Investing is also not as easy as saving. How does someone goes from no-invesment-knowledge to not-loosing-money in investment (and possibly "decent income off of compound interest")? Just trusting the bank guy?
Rule 1: Never trust the bank guy. With the exception of perhaps private banking (though fees are high there), if those people really knew how to make money, they wouldn't be working at a (consumer) bank. They'd raise a $10-20-50m fund and make a killing for their clients and themselves. It's that simple.

Either you go with low fee index funds (i.e. Vanguard S&P500, which tracks the market and will require the least amount of effort) or you learn about investing by putting in the time to understand things properly (which might lead to higher returns but can take a lifetime).

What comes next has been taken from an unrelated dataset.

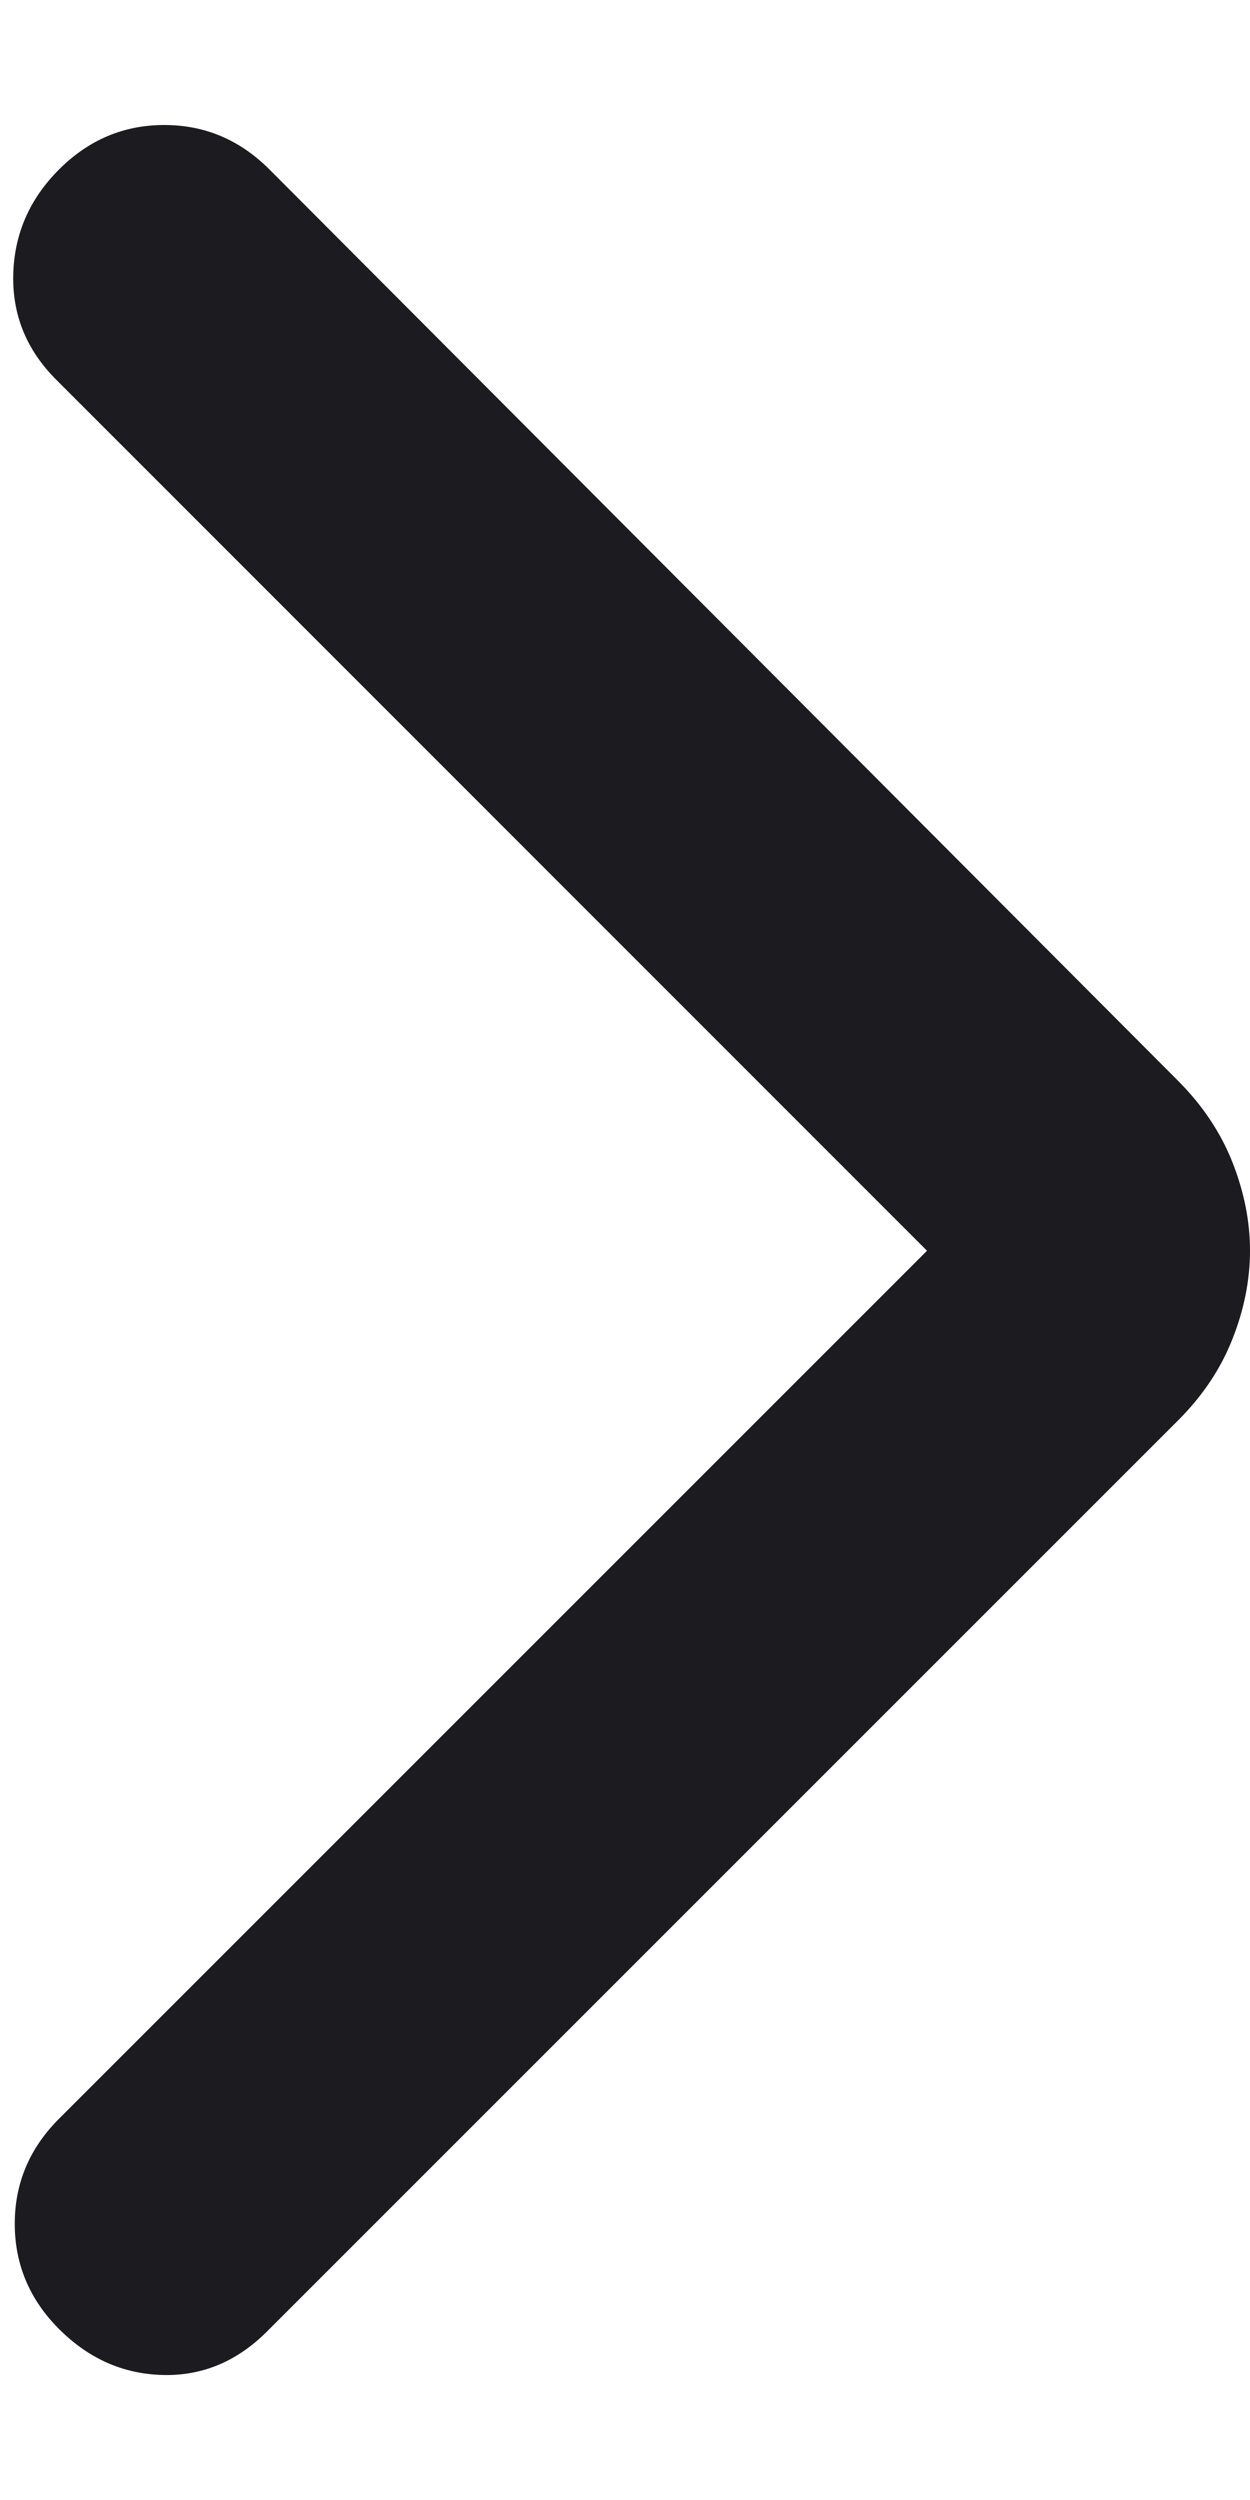 <svg width="5" height="10" viewBox="0 0 5 10" fill="none" xmlns="http://www.w3.org/2000/svg">
<path d="M3.708 5.003L0.225 1.519C0.106 1.4 0.049 1.26 0.053 1.098C0.057 0.936 0.118 0.796 0.236 0.678C0.355 0.559 0.495 0.5 0.657 0.5C0.819 0.5 0.959 0.559 1.078 0.678L4.716 4.327C4.81 4.422 4.882 4.529 4.929 4.647C4.976 4.766 5 4.884 5 5.003C5 5.121 4.976 5.24 4.929 5.358C4.882 5.477 4.81 5.583 4.716 5.678L1.066 9.328C0.947 9.446 0.809 9.504 0.651 9.5C0.493 9.496 0.355 9.435 0.236 9.316C0.118 9.198 0.059 9.057 0.059 8.895C0.059 8.733 0.118 8.593 0.236 8.475L3.708 5.003Z" fill="#1C1B1F"/>
</svg>
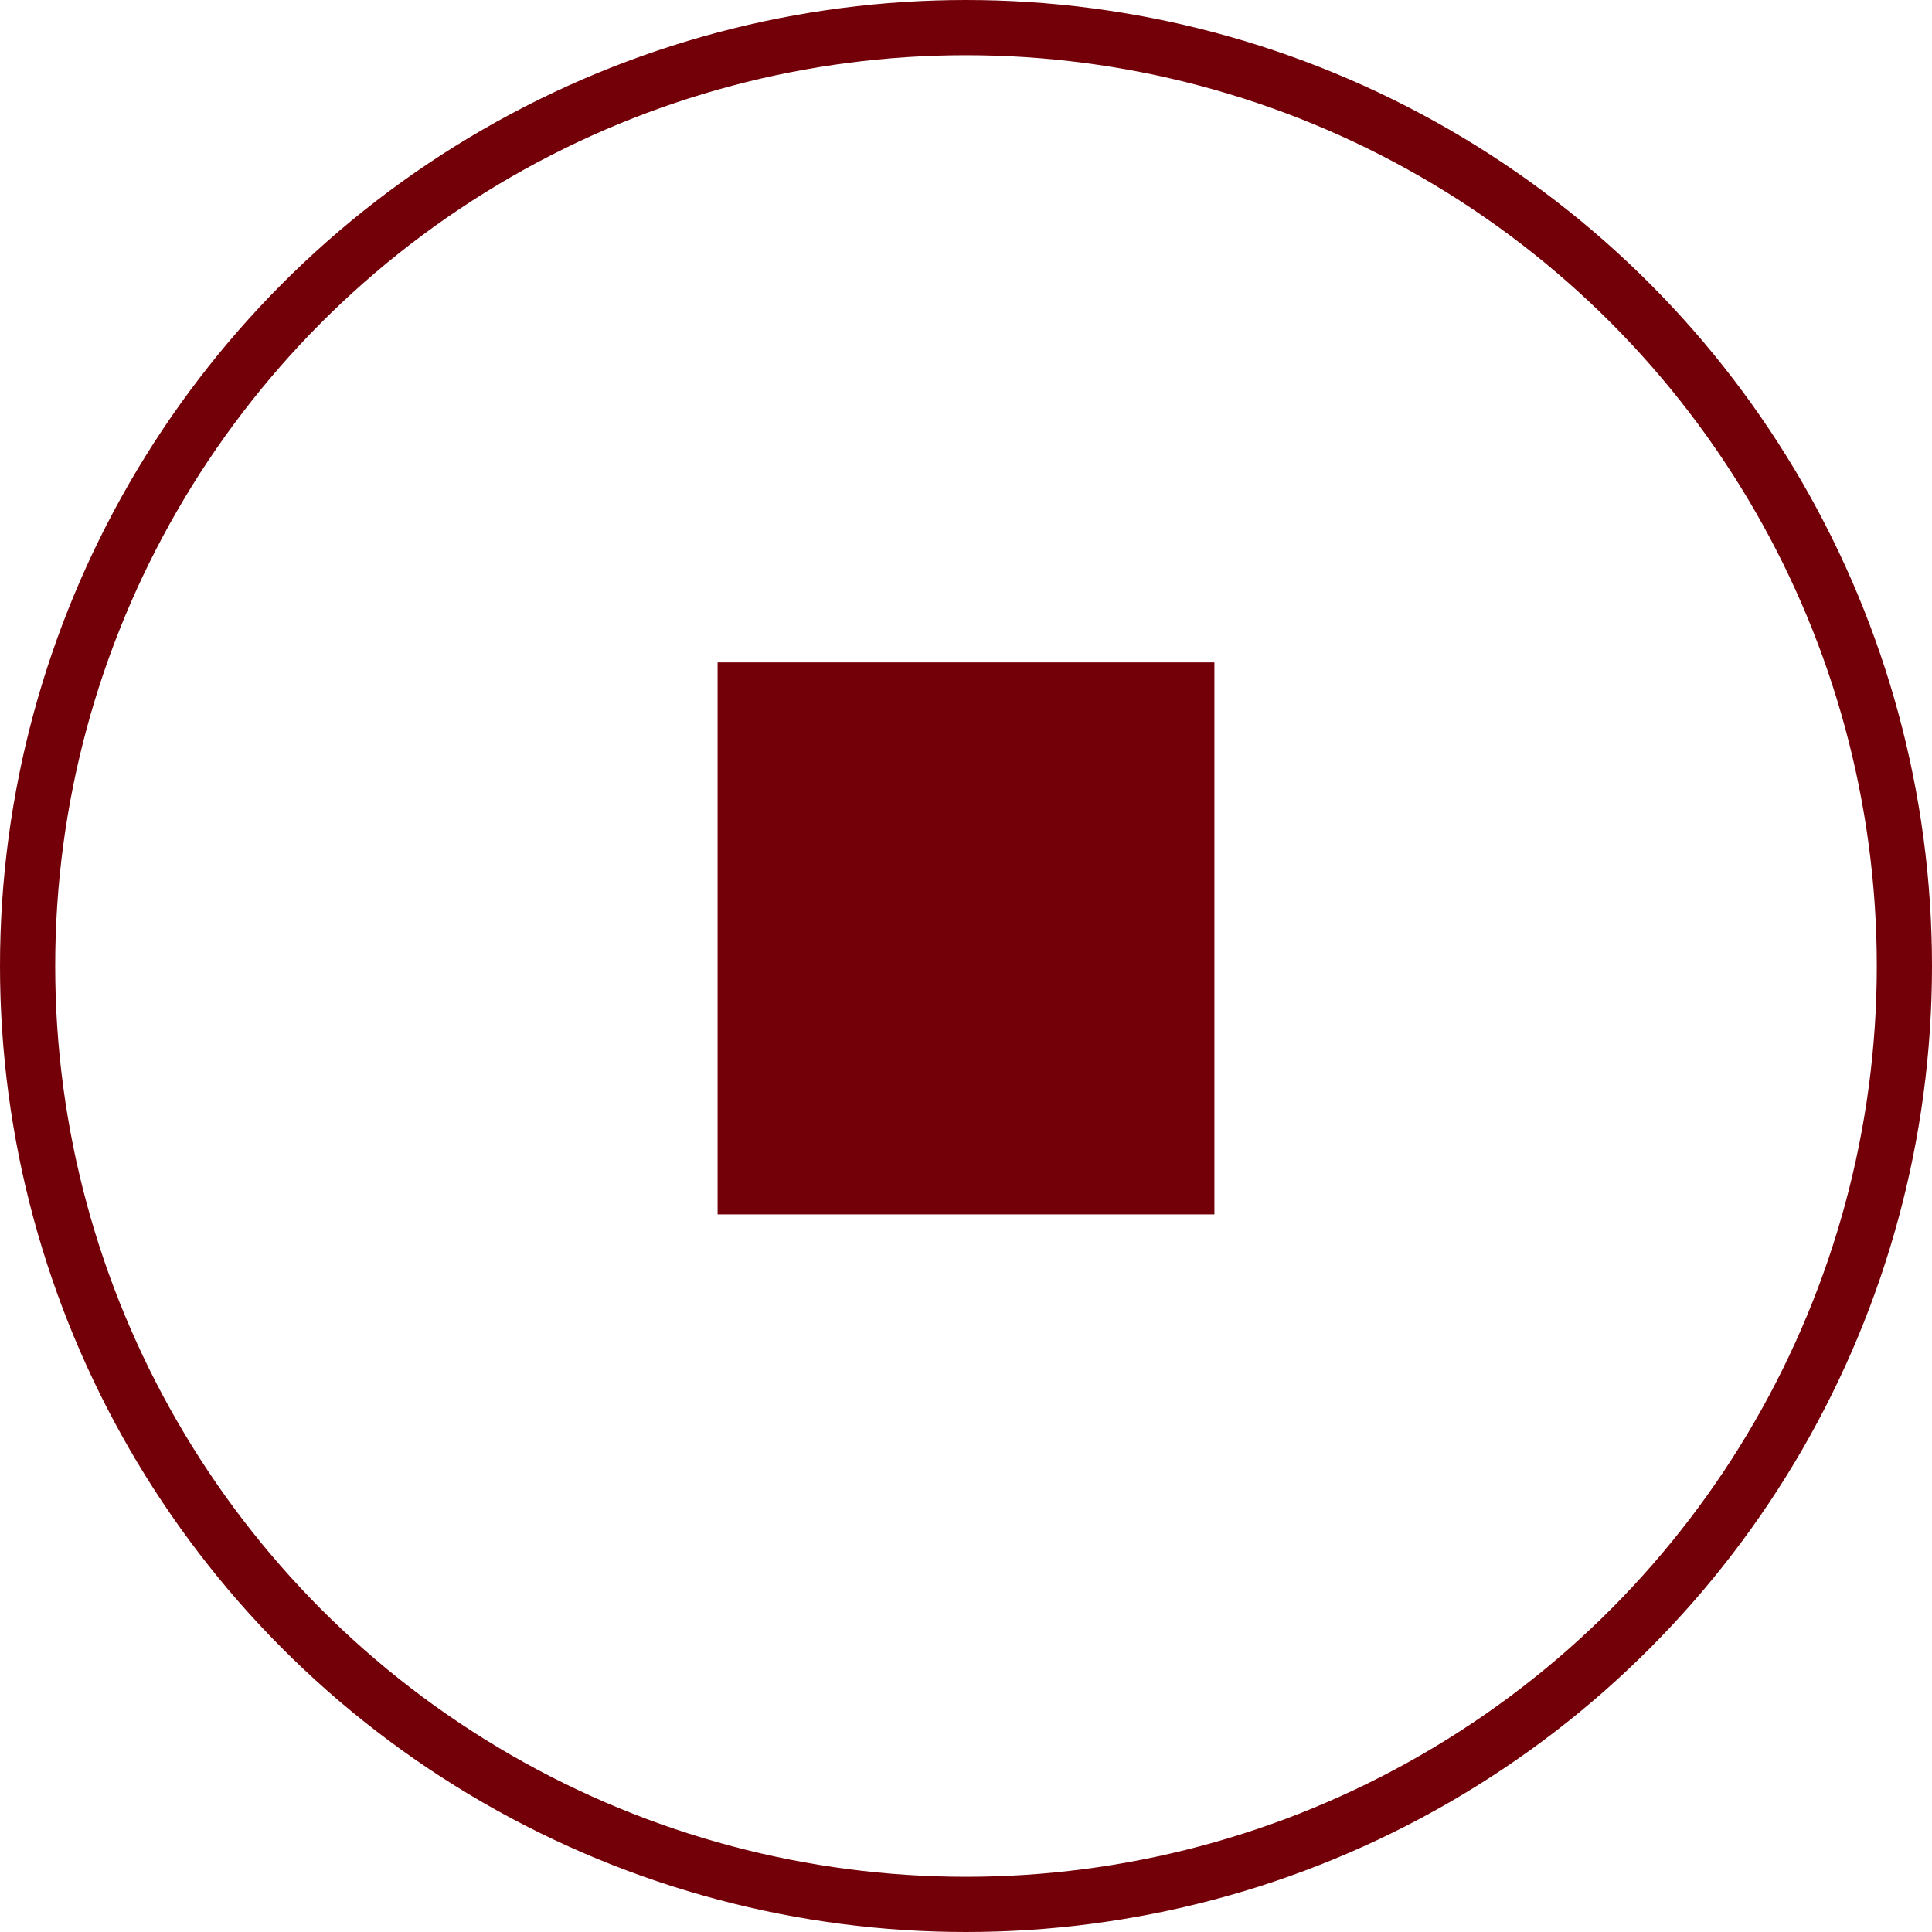 <?xml version="1.0" encoding="UTF-8"?> <svg xmlns="http://www.w3.org/2000/svg" width="35" height="35" viewBox="0 0 35 35" fill="none"> <circle cx="17.5" cy="17.5" r="17" stroke="#730008"></circle> <rect x="13" y="12" width="9" height="10" fill="#730008"></rect> </svg>

one can spend end less amounts of time on "investing"

i like macro-economics and treat it as a hobby.

others that may have little interest in the subject could take a simple route.

25% gold/silver 25% blue chip dividend or index fund 25% property or rental 25% in your business or hobby, if you spend/invest in what you know and like will usually do well same with work do what you have passion and ability=success

if #3 and 4 dont apply just put 20% gold/silver and 80% in 10 different good dividend paying blue chip. why gold and silver?? because inflation protection against fiat currency. another note now not the time to by stocks, now is time to sell. buy after next correction.

bank guy: I somehow suspected that

thanks

This is a great book, Four Pillars of Investing - https://www.amazon.com/Four-Pillars-Investing-Building-Portf...
thanks
You could consider the Bogleheads investing start-up kit: https://www.bogleheads.org/wiki/Bogleheads%C2%AE_investing_s...
I see you are in Europe. In USA it's overpaying $100K-$500K for a house.